Aunque en los “dominios de la fantasía” hay “bellas comarcas”, existe una región terrible “donde el silencio y la oscuridad proyectan sobre el alma rayos intensos de sombría desolación y de muerte”. En Baroja el castillo y sus almenas representan el lugar del horror, y  ahí es donde va a parar el narrador. En el salón del castillo “un reloj de caja negra (…) en las noches llenas de silencio lanzaba su tictac metálico con la energía de una amenaza”.  Ya están todos los símbolos que componen el escenario. Lo que parece una pesadilla alentada por las tristezas y el alcohol, es sin embargo el ansiado refugio del protagonista: “¡Ah! Soy feliz —me repetía a mí mismo—. Ya no oigo la odiosa voz humana, nunca, nunca.” “La vida estaba dominada, había encontrado el reposo.”

El narrador quiere esta soledad para pasar la vida rumiando “el amargo pasto” de sus ideas, “sin locas esperanzas, sin necias ilusiones, con el espíritu lleno de serenidades grises, como un paisaje de otoño.”  El otoño, la estación melancólica. El paisaje y el castillo son completamente orgánicos y reflejan el estado anímico del narrador. Aspira al reposo en soledad, pues evidentemente en su comercio con las personas ha terminado profundamente desilusionado, decepcionado.

El ritmo vital de su soledad es marcado únicamente por el tictac metálico de un reloj; algo ajeno al paisaje, un producto industrial que marca las horas con energía propia. La única conexión con los demás, con sus congéneres, es este “reloj sombrío” que mide (inorgánico, indiferente a su suerte y estado anímico) las “horas tristes”. Este reloj no es compañía, su tic-tac metálico no rompe su “silencio interior”. Los demás, nos insinúa, han sido indiferentes a su suerte, a sus dolores y ocupaciones.

El protagonista se hermana en su  soledad con un sapo solitario (el otro ser vivo del relato), y le dice: “no tienes quien te responda más que el eco de los latidos de tu corazón.” Es el único diálogo del relato; el canto del sapo es su única compañía. No espera respuesta porque el sapo se basta con sus latidos para seguir cantando a la noche.

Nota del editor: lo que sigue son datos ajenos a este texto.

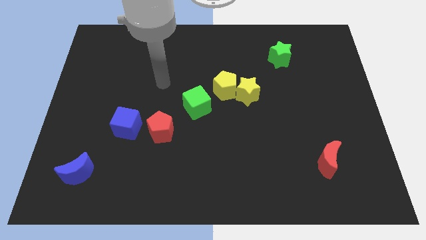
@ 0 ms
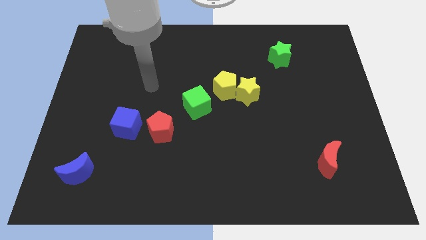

El cuento se cierra cuando el narrador experimenta el terror del silencio que él mismo se ha procurado: “ni un grito, ni un estremecimiento de vida en la tierra negra.” El reloj (que sigue indiferente con su tic-tac) no rompe este silencio del corazón. En su desesperación pide a la luna que acaricie sus ojos, “turbios por la angustia de la muerte”.

En el cierre del cuento el autor se despega de su narrador (que ha enmudecido) y anota con parquedad: “Y los árboles, y la luna, y la lluvia, y el viento, permanecieron sordos. Y el reloj sombrío que mide indiferente las horas tristes se había parado para siempre.”

No es el paisaje quien puede hablar, devolviéndole la certeza de estar vivo, porque éste es una extensión de su propio yo. La muerte del sapo, sin embargo, precipita su angustia vital. Es ahora un corazón que reposa (Eclesiastés), pero el protagonista no atina a señalar su ausencia. Porque antes, sin los demás y en su voluntaria y buscada soledad, se sumió en el sueño de la muerte (salmo 13), en esa serenidad gris de un paisaje de otoño que no es vida dominada ni reposo posible.

Acaso el reloj detenido señala el fin de las horas tristes, una imagen de la muerte del narrador.